Benzo half-life as divided into three broad categories:
1. Ultra-short-acting benzos – The half-life of ultra-short-acting benzo is approximately 5 hours.
2. Short-acting and intermediate-acting benzos – The half-life of one of these benzos ranges from 5-24 hours.
3. Long-acting benzos – Long-acting benzos have half-life values of at least 24 hours or longer.
Results from drug tests that identify benzo exposure vary greatly depending on the type of test used. For example, tests that measure blood content will only detect benzo exposure for up to 3 days. Urine tests can identify benzos in the system for as long as six weeks, and hair tests can recognize the presence of benzos for as long as three months.
What Are Benzos?
Benzos are prescription medications indicated to treat anxiety or insomnia. The amount of time that a benzo remains in the body is dependent on several factors including the type of benzo (i.e., Xanax or Ativan), dose amount, method of administration, and individual factors such as sex, height/weight, and overall health.
To measure how long benzos stay a person’s system, we look at conditions known as peak level and half-life. Peak level refers to the point in which the drug is at its highest in the bloodstream. Half-life refers to the length of time needed for the body to metabolize and rid itself of half the dose.
Benzos are powerful sedatives (central nervous system depressants) prescribed by doctors for the treatment of anxiety, panic, social phobias, insomnia, and sometimes seizures.
They can also be used in a clinical reduce to resolve withdrawal symptoms related to the cessation of substance abuse such as alcoholism.
Some of the most commonly prescribed benzos include but are not limited to the following:
- Temazepam (Restoril)
- Triazolam (Halcion)
- Midazolam (Versed)
- Alprazolam (Xanax)
- Chlordiazepoxide (Librium)
- Clorazepate (Tranxene)
- Diazepam (Valium)
- Lorazepam (Ativan)
- Clonazepam (Klonopin)
Some of the most common side effects associated with benzodiazepines are:
- Loss of orientation
- Sleep disturbances
- Memory impairment
Benzodiazepines and Addiction
Benzos have a high potential for addiction to their actions on the brain’s reward system. Use affects GABA receptors in the brain and spinal cord. GABA is a chemical in the body that decreases activity/excitability in the central nervous system and can cause feelings of relaxation and drowsiness.

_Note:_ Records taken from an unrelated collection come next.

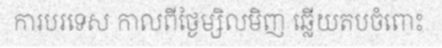
ការបរទេស កាលពីថ្ងៃម្សិលមិញ ឆ្លើយតបចំពោះ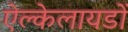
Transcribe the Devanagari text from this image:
ऐल्केलायडों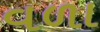
વળા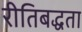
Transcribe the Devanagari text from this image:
रीतिबद्धता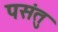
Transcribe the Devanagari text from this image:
पसंतु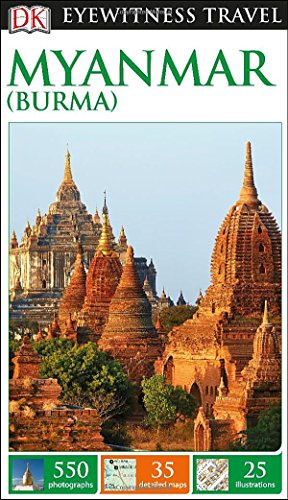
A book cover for DK Eyewitness Travel Guide: Myanmar (Burma); DK Publishing; Travel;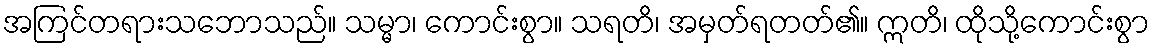
အကြင်တရားသဘောသည်။ သမ္မာ၊ ကောင်းစွာ။ သရတိ၊ အမှတ်ရတတ်၏။ ဣတိ၊ ထိုသို့ကောင်းစွာ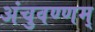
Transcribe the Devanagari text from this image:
अंचुवण्णम्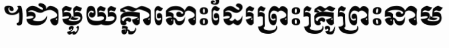
។ជាមួយគ្នានោះដែរព្រះគ្រូព្រះនាម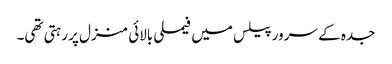
جدہ کے سرور پیلس میں فیملی بالائی منزل پر رہتی تھی۔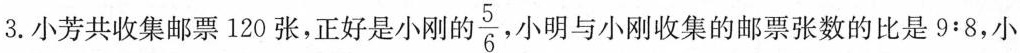
3.小芳共收集邮票120张，正好是小刚自 \frac{5}{6} 小明与小刚收集的邮票张数的比是9:8，小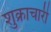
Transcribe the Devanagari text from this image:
शुक्राचारी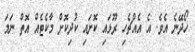
ހޯދޭނެ އެވެ. އެ އެއްޗެހި ރޫޅައި ކޮށައި ކުދިކޮށް މާކެޓެއް އޮތް ނަމަ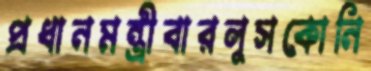
প্রধানমন্ত্রীবারলুসকোনি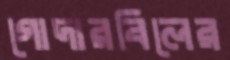
গোদারবিলের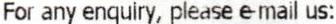
FOR ANY ENQUIRY, PLEASE E-MAIL US: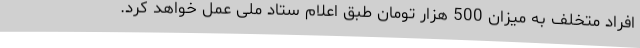
افراد متخلف به میزان 500 هزار تومان طبق اعلام ستاد ملی عمل خواهد کرد.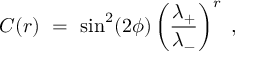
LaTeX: C ( r ) \ = \ \sin ^ { 2 } ( 2 \phi ) \left( \frac { \lambda _ { + } } { \lambda _ { - } } \right) ^ { r } \ ,
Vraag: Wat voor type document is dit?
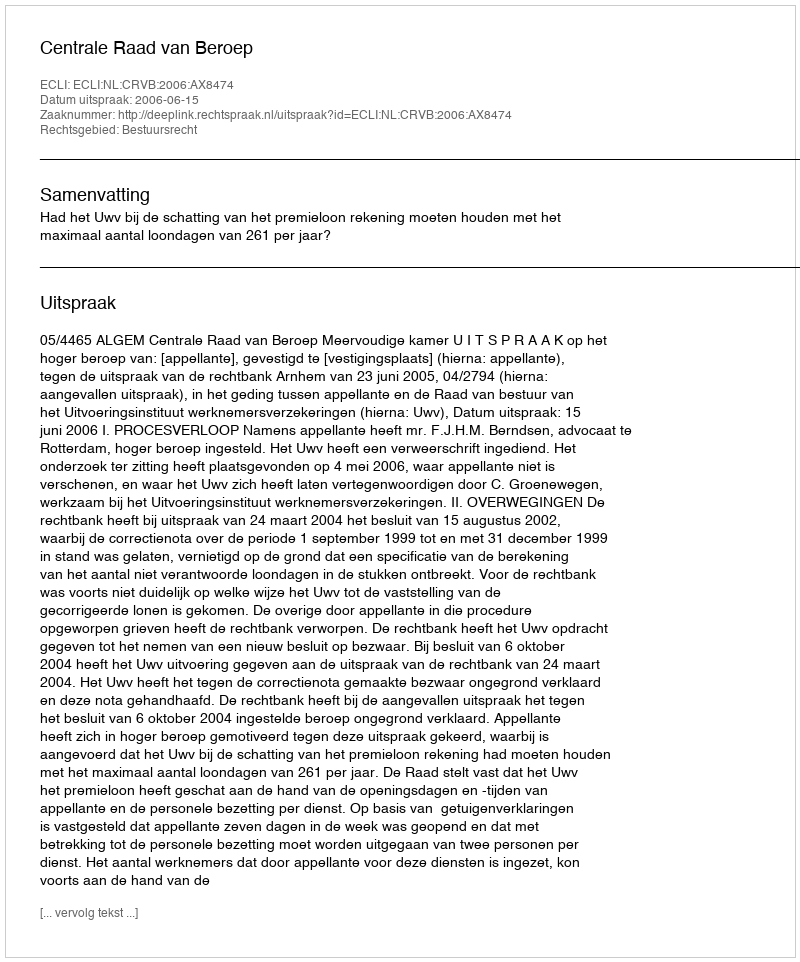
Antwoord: Uitspraak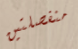
منفصلتين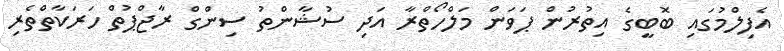
އެފިލްމުގައި ބޮބީގެ އިތުރުން ޕަވަން މަލްހޯތްރާ އަދި ސުޝާންތު ސިންގް ރާޖްޕުތް ހަރަކާތްތެރި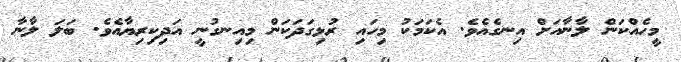
މީހެއްކަން ލާނާއަށް އިނގެއެވެ. އެކަމަކު މިހައި ރުޅިގަދަކަން މިއިނގުނީ އަދިކިރިޔާއެވެ. ބަލަ ލާނާ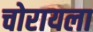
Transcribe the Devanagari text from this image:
चोरायला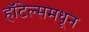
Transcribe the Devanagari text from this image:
हॉटेल्समधून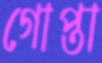
গোপ্তা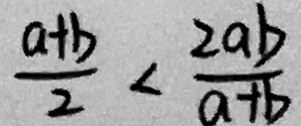
\frac { a + b } { 2 } < \frac { 2 a b } { a + b }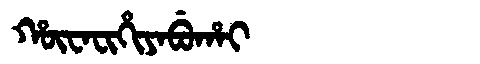
Manchu: ᡥᡡᠸᠠᠸᡳᡥᡳᠶᠠᠪᡠᡥᠠᡳ
Romanization: HŪWAFIHIYABUHAI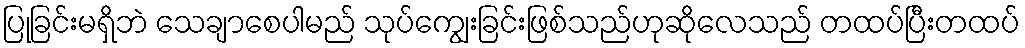
ပြုခြင်းမရှိဘဲ သေချာစေပါမည် သုပ်ကျွေးခြင်းဖြစ်သည်ဟုဆိုလေသည် တထပ်ပြီးတထပ်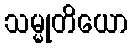
သမ္မုတိယော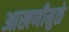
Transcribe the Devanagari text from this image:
आखणीमुळे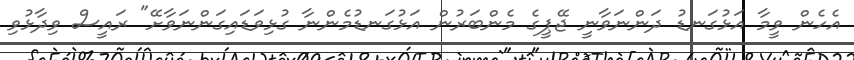
އެހެން ވީމާ އަޅުގަނޑު ދަންނަވާނީ ޖޭޕީގެ މެންބަރުން އަޅުގަނޑުމެންނާ ގުޅިވަޑައިގަންނަވާށޭ" ރައީސް ވިދާޅުވި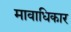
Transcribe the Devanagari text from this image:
मावाधिकार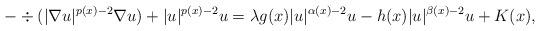
LaTeX: \begin{align*}-\div (|\nabla u|^{p(x)-2}\nabla u) + |u|^{p(x)-2}u = \lambda g(x) |u|^{\alpha(x)-2}u - h(x) |u|^{\beta(x)-2}u +K(x),\end{align*}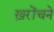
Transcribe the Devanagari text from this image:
ख़रोंचने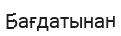
Бағдатынан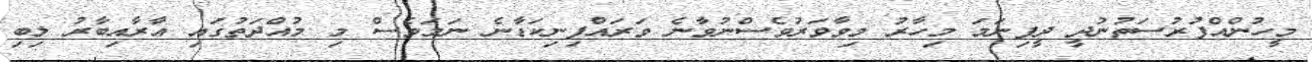
މީހުންއްފުރުސަތުނުދީ ދީފިނަމަ މިހާރު މިވާވަރުވެސްނުވާނެ ވަރައްފިނިކަޑާނެ ނަމަވެސް މި މުއްދަތުގައި އާރާއިބާރު ލިބި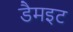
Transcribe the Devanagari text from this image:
डैमइट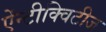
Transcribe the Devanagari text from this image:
ऐंन्टीक्विटीज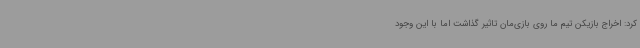
کرد: اخراج بازیکن تیم ما روی بازی‌مان تاثیر گذاشت اما با این وجود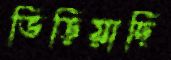
ভিড়িয়াছি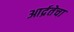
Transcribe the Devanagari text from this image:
आर्द्रतेचा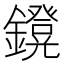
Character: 𨮴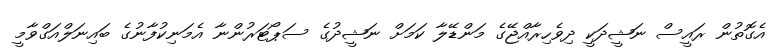
އެގޮތުން ރައީސް ނަޝީދަކީ ދިވެހިރާއްޖޭގެ މަންޑޭލާ ކަމަށް ނަޝީދުގެ ސަޕޯޓަރުންނާ އެމަނިކުފާނުގެ ބައިނަލްއަގްވާމީ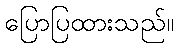
ပြောပြထားသည်။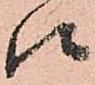
候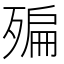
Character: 𣩀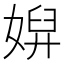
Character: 㜒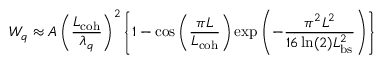
W _ { q } \approx A \left( \frac { L _ { \mathrm { c o h } } } { \lambda _ { q } } \right) ^ { 2 } \left\{ 1 - \cos \left( \frac { \pi L } { L _ { \mathrm { c o h } } } \right) \exp \left( - \frac { \pi ^ { 2 } L ^ { 2 } } { 1 6 \ln ( 2 ) L _ { \mathrm { b s } } ^ { 2 } } \right) \right\}

The extended or excessive use of benzos can result in a deficit of GABA receptors, a state that decreases the brain’s response to the drug and can lead to more excitability. At this point, the person has developed tolerance, a product of the brain’s “repeated use=diminished response” mechanism. An increase in tolerance then forces the person to use more and more of the drug to achieve the desired effects.

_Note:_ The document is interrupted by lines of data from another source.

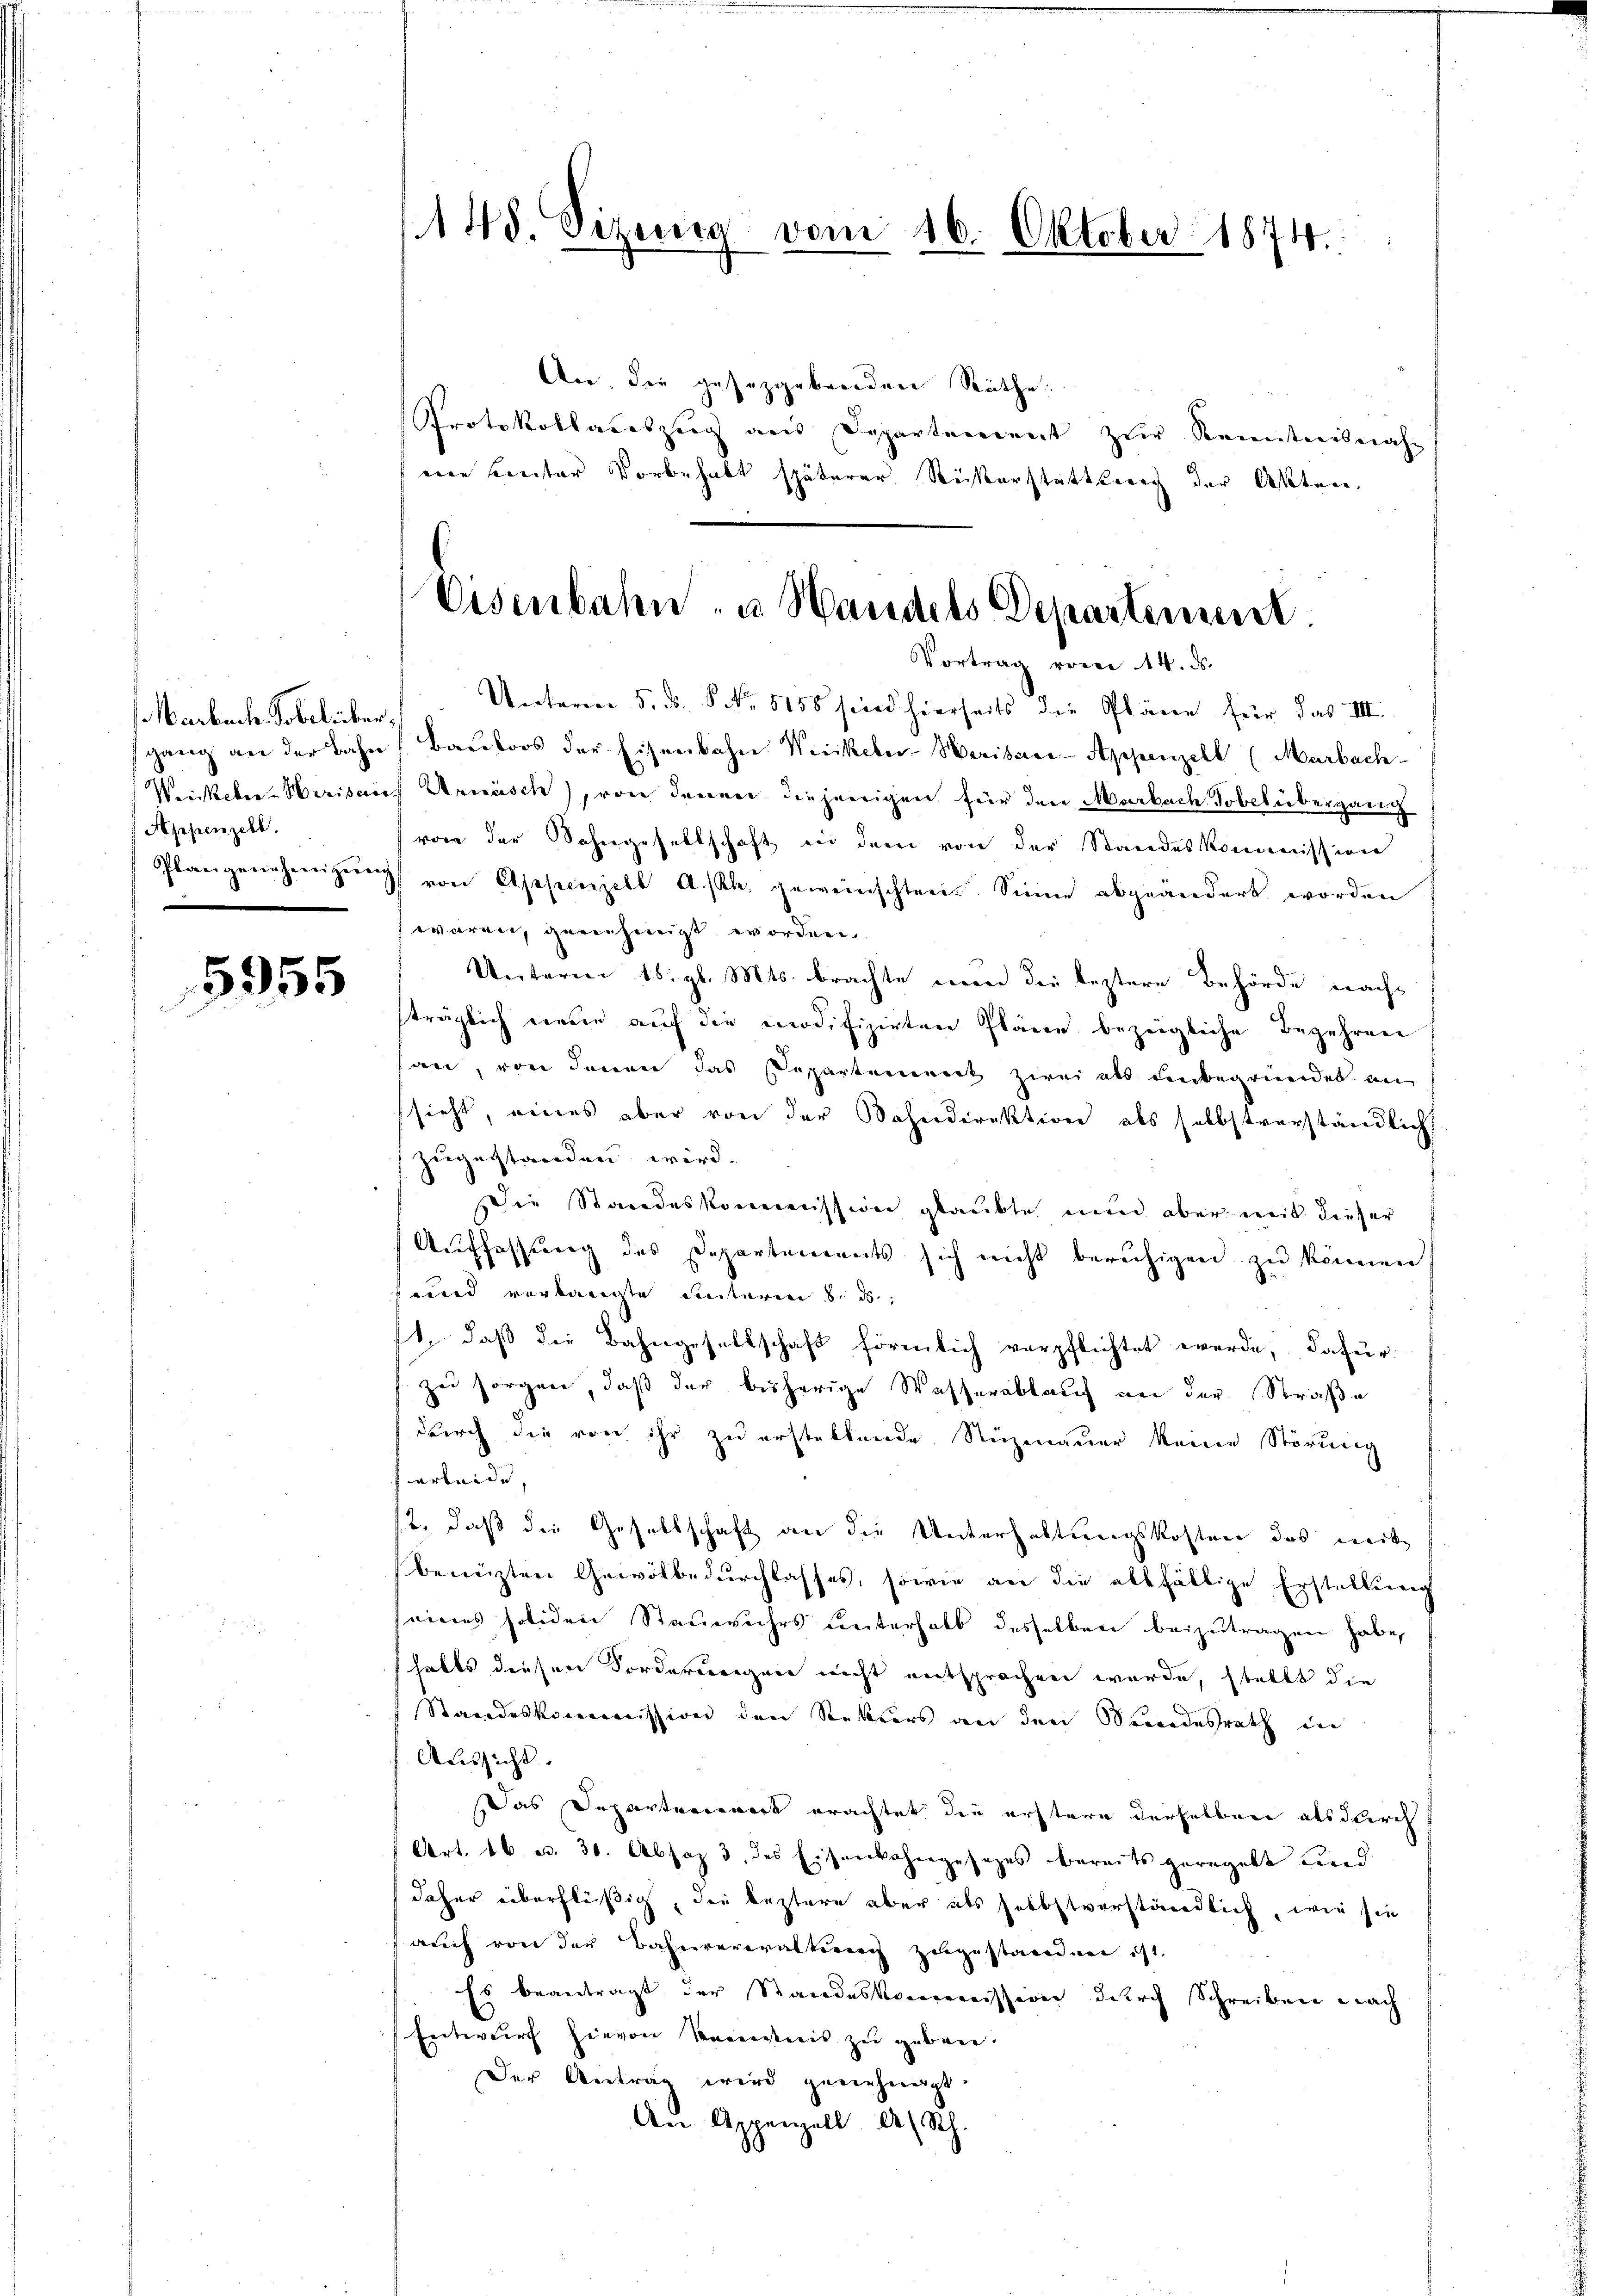
Marbach Tobelüber,
Appenzell.

5955

148. Sizung vom 16. Oktober 1874.

An die gesetzgebenden Räthe.
Protokollateszug aus Departement zŭr Kenntensnah-
me Leuter Vorbehalt späterer Rickerstattung der Akten.

Eisenbahn- u. Handels Departement
Vortrag vom 14. ds.

Unterm 5. ds. S NNo. 5155 sind hierseits die Pläne für das III.
gang an der Bahn (Baŭloos der Eisenbahne Weinkeler-Herisaar-Appenzell (Marbach-
Weinkeler-Herisauf Annäsch), von denen diejenigen für den Marbach Tobel übergang
von der Sohngesellschaft in dem von der Standeskommission
Plangenehmigŭng von Appenzell A.-Rh. gewünschten. Sinne abgeändert worden
waren, genehmigt worden.
Unterm 18. gl. Mts. brachte man die leztere Behörde nachsträglich neue auf die modifizirten Pläne bezeigliche Begehren
san, von denen das Departement zwei als unbegründet an
sieht, eines aber von der Bahndirektion als selbstverständlich
zugestanden wird.
Die Standeskommission glaubte nun aber mit dieser
Auffassung des Departements sich nicht beruhigen zu können
und verlangte unterm 8. d.
t, daß die Bahngesellschaft förmlich verpflichtet werde, dafür
zu sorgen, daß der bisherige Wasserablauf an der Straße
durch die von ihr zu erstellende Nuzmauer keine Störung
ferleide,
st, daß die Gesellschaft an die Unterhaltungskosten das weite
benützten Gewölbedurchlasses, sowie an die allfällige Erstellung
seines soliden Stauwuhrs unterhalb desselben beizutragen habe,
halts diesen Forderungen nicht entsprochen wurde, stellt die
Standeskommission den Rektors an den Bundesrath in
Aussicht
Das Departenweit erachtet die erstere derselben als durch
Art. 16 u. 30. Absaz 3. des Eisenbahngesages bereits geregelt und
daher überflüßig, die leztere aber als selbstverständlich, wie sie
auch von der Bahnverwaltung zugestanden ist.
Es beantragt der Standeskommission durch Schreiben nach
Entwurf hievon Semestreis zu geben.
Der Antrag wird genehmigt.
An Appenzell A/Rh.

Dependence is another key component of addiction that develops over time with long-term or excessive use. Dependence occurs when the brain becomes accustomed to the presence of the drug and cannot function normally when the person using quits or drastically cuts back. This condition can result in unpleasant effects, called withdrawal symptoms.

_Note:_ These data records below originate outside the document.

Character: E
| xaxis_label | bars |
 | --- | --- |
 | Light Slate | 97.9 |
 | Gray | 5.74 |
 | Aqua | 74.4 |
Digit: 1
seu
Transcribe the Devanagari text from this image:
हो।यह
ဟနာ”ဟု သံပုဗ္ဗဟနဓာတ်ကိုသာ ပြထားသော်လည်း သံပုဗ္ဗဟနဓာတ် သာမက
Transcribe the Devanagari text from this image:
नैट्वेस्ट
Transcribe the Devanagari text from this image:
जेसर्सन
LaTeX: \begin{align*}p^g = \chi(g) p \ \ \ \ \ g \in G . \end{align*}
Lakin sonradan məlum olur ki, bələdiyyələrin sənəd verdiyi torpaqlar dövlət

Withdrawal symptoms related to benzo use include the following:
- Difficulty breathing
- Blurry vision
- Impaired judgment
- Panic attacks
- Body shakes and sweating
- Hallucinations or delusions
- Trouble breathing
- Respiratory arrest
- Bluish fingernails and lips
- Confusion and disorientation
- Extreme dizziness
- Blurred or double vision
- Weakness and tremors
- Uncoordinated movements
- Altered mental status
Treatment for Benzo Addiction
Benzo addiction is a serious condition that results in many adverse life consequences beyond health problems. These include legal and financial issues, interpersonal conflict, and the neglect of important or once-enjoyable activities. Treatment for benzo addiction begins with medical detox, a process in which the patient is supervised around-the-clock for complications while the body rids itself of toxins.
Following this process, patients are encouraged to enroll at our center. We offer both partial hospitalization and intensive outpatient treatment (IOP), which can be beneficial for those who need more flexibility to attend to important personal responsibilities such as work and family.
Also, inpatients often transfer to IOP to continue recovery and take advantage of support while in the transition back to the outside world. Outpatients can choose to live in a private residence or in an approved sober living home and receive transportation to and from the center if needed.
Because recovery is a lifelong process, we offer aftercare planning to help people find support and services (i.e., support groups and counseling) after discharge from treatment at our center. In addition, we encourage engagement in our alumni activities which also foster long-term support.